• The data:
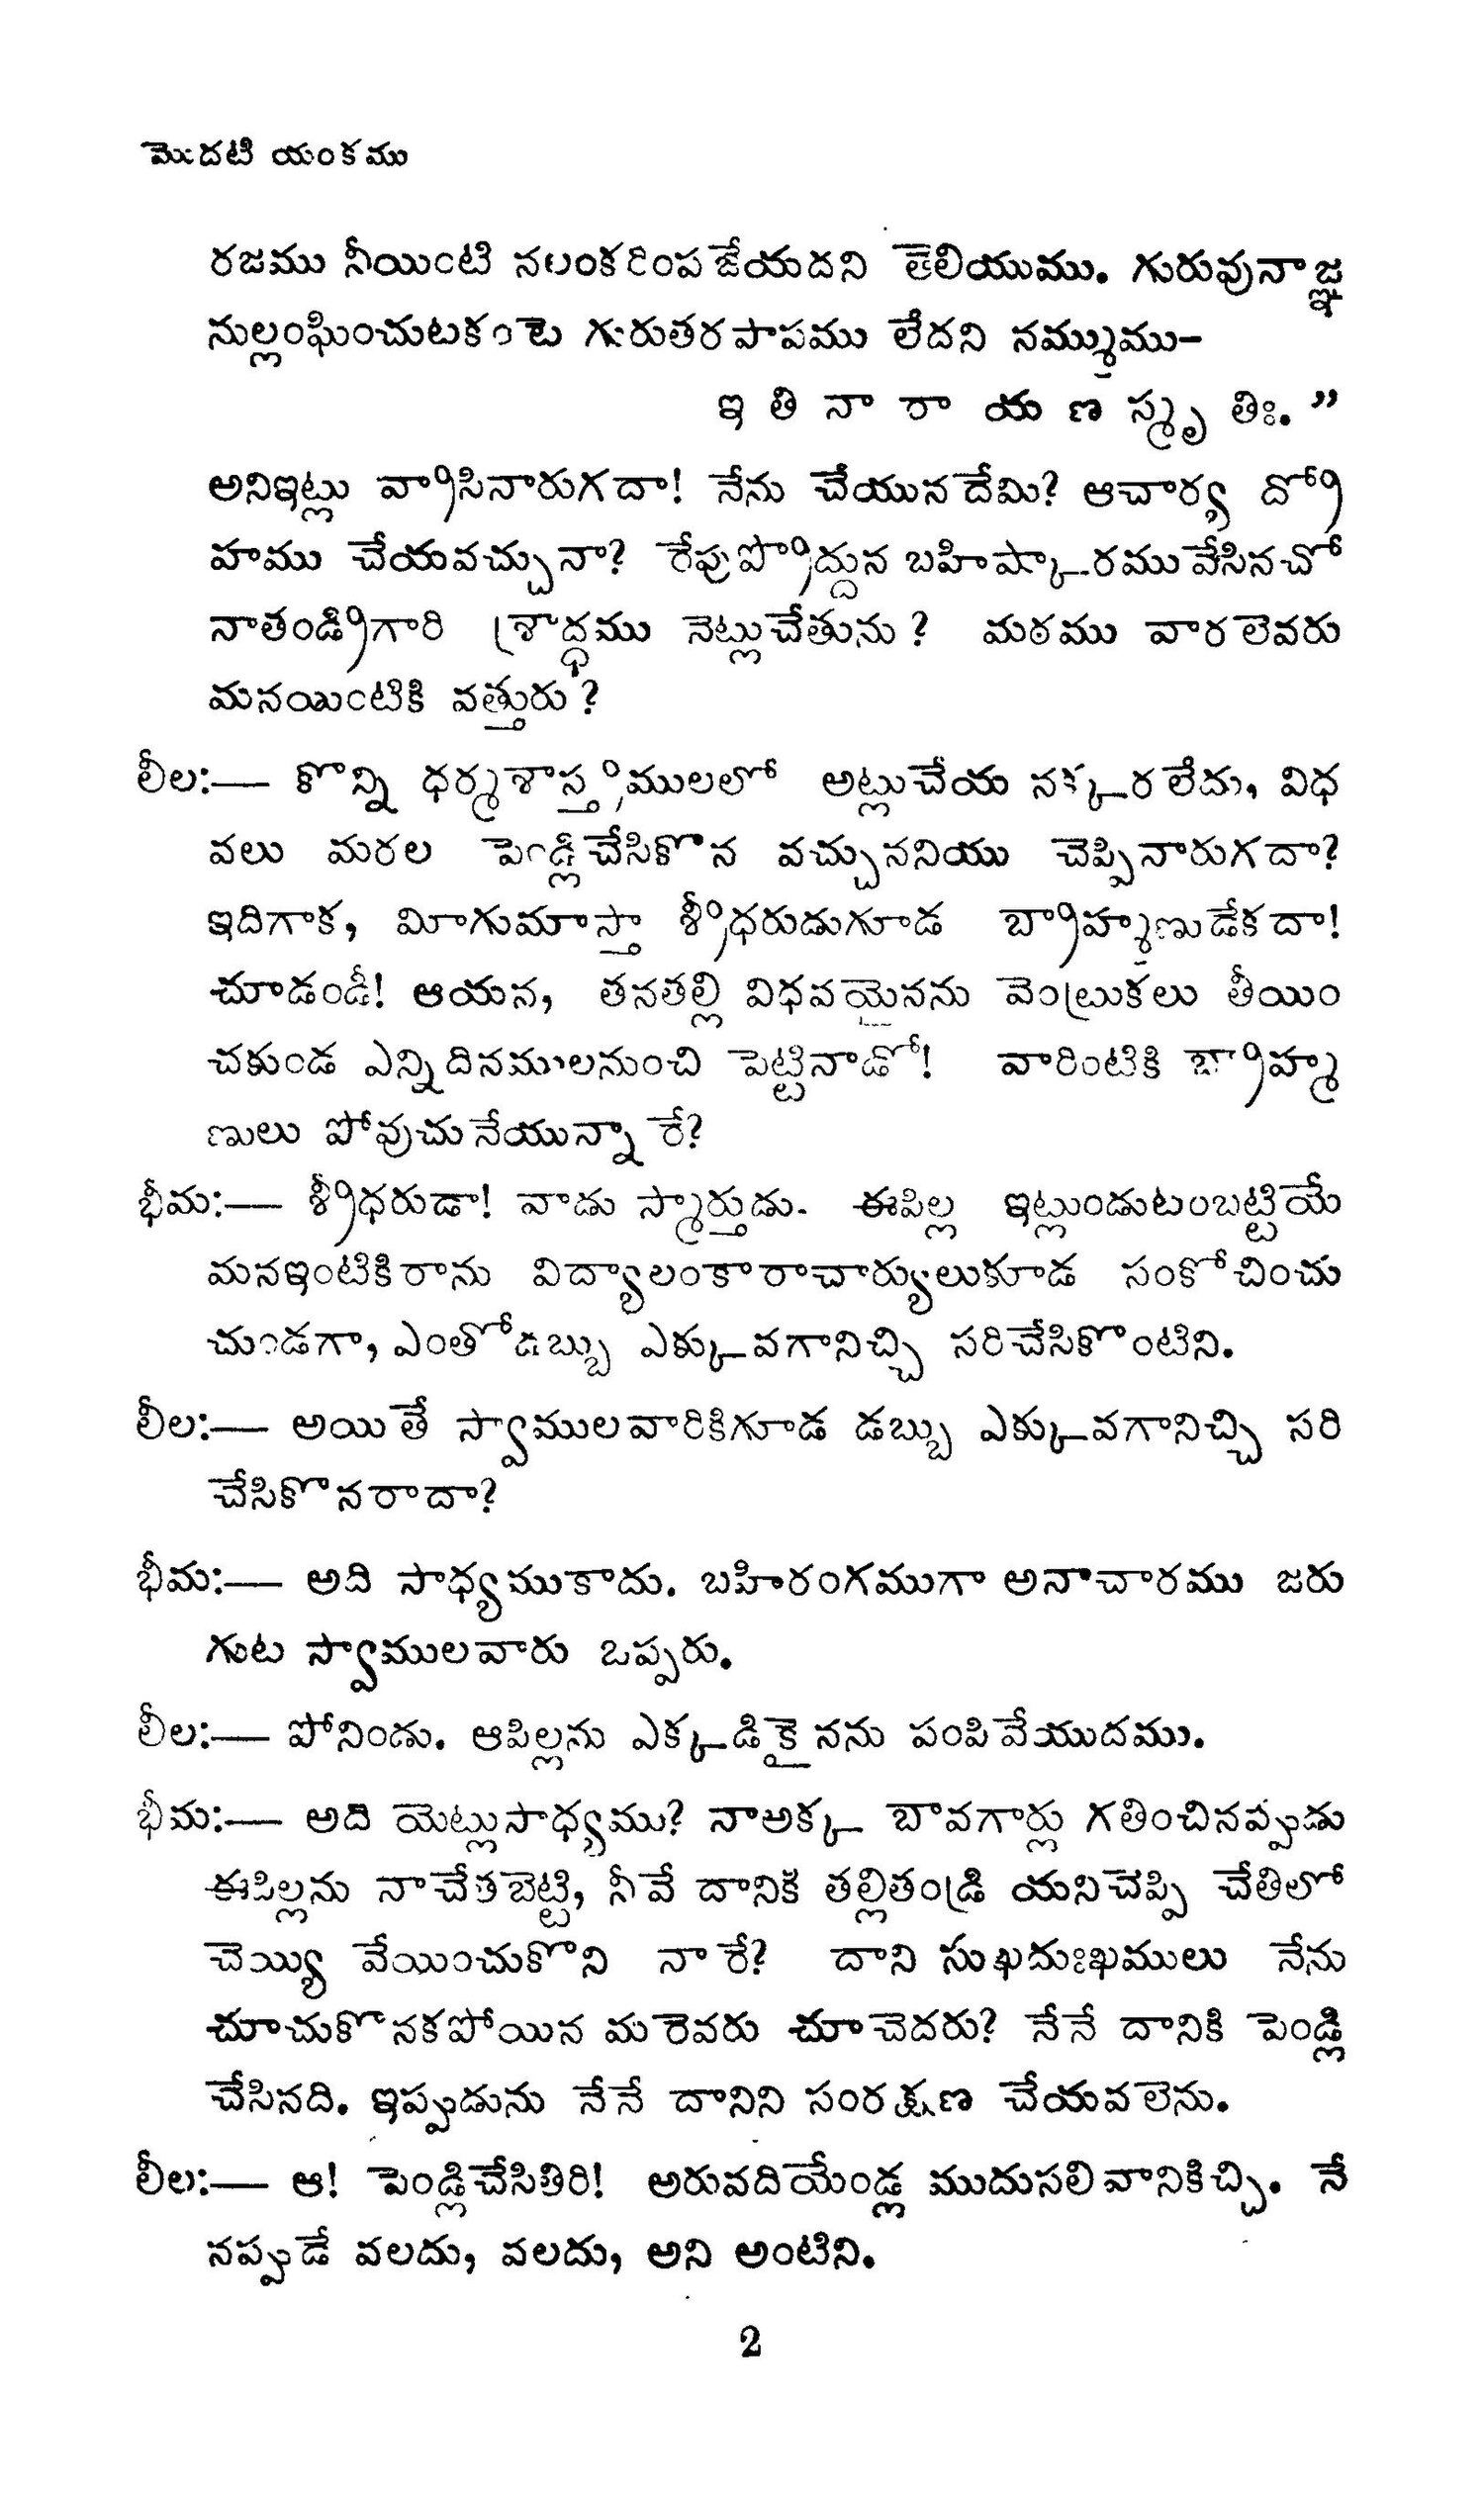రజము నీయింటి నలంకరింపజేయదని తెలియుము. గురువునాజ్ఞనుల్లంఘించుటకంటె గురుతరపాపము లేదని నమ్ముము-ఇతి నా రా య ణ స్కృ తి." అని ఇట్లువ్రాసినారుగదా! నేను చేయునదేమి? ఆచార్య ద్రోహము చేయవచ్చునా? రేపుప్రొద్దున బహిష్కారము చేసినచో నాతండ్రిగారి శ్రాద్ధము నెట్లుచేతును? మఠము వారలెవరు మనయింటికి వత్తురు?

లీల:--కొన్ని ధర్మశాస్త్రములలో అట్లుచేయనక్కరలేదు, విధవలు మరల పెండ్లి చేసుకొనవచ్చుననియు చెప్పినారుగదా? ఇదిగాక, మీగుమాస్తా శ్రీధరుడుగూడ బ్రాహ్మణుదేకదా! చూడండీ! ఆయన, తనతల్లి విధవయైనను వెంట్రుకలు తీయించకుండ ఎన్నిదినములనుంచి పెట్టినాడో! వారింటికి బ్రాహ్మణులు పోవుచునేయున్నారే?

భీమ:-- శ్రీధరుడా! వాడు స్మార్తుడు. ఈపిల్ల ఇట్లుండుటంబట్టియే మనఇంటికిరాను విద్యాలంకారాచార్యులుకూడ సంకోచించు చుండగా, ఎంతోడబ్బు ఎక్కువగానిచ్చి సరిచేసికొంటిని.

లీల:-- ఐతే స్వాములవారికిగూడ డబ్బు ఎక్కువగానిచ్చి సరిచేసికొనరాదా?

భీమ:-- అది సాధ్యముకాదు. బహిరంగముగా అనాచారము జరుగుట స్వాములవారు ఒప్పరు.

లీల:-- పొనిండు, ఆపిల్లను ఎక్కడికైనను పంపివేయుదము.

భీమ:-- అదియెట్లుసాధ్యము? నాఅక్క బావగార్లు గతించినప్పుడు ఈపిల్లను నాచేతబెట్టి, నీవే దానికి తల్లితండ్రి యనిచెప్పి చేతిలోచెయ్యి వేయించుకొని నారే? దాని సుఖదు:ఖములు నేను చూసుకొనకపోయిన మరెవరు చూచెదరు? నేనే దానికి పెండ్లి చేసినది. ఇప్పుడును నేనే దానిని సంరక్షణ చేయవలెను.

లీల:-- ఆ! పెండ్లిచేసితిరి! అరువదియేండ్ల ముదుసలివానికిచ్చి, నేనప్పుడే వలదు, వలదు, అని అంటిని.

• Action item: Give only the lines from the one holding "లీల:-- పొనిండు, ఆపిల్లను" through the one holding "భీమ:-- అదియెట్లుసాధ్యము? నాఅక్క", each restated exactly as it appears above.

• Answer space:
లీల:-- పొనిండు, ఆపిల్లను ఎక్కడికైనను పంపివేయుదము.

భీమ:-- అదియెట్లుసాధ్యము? నాఅక్క బావగార్లు గతించినప్పుడు ఈపిల్లను నాచేతబెట్టి, నీవే దానికి తల్లితండ్రి యనిచెప్పి చేతిలోచెయ్యి వేయించుకొని నారే? దాని సుఖదు:ఖములు నేను చూసుకొనకపోయిన మరెవరు చూచెదరు? నేనే దానికి పెండ్లి చేసినది. ఇప్పుడును నేనే దానిని సంరక్షణ చేయవలెను.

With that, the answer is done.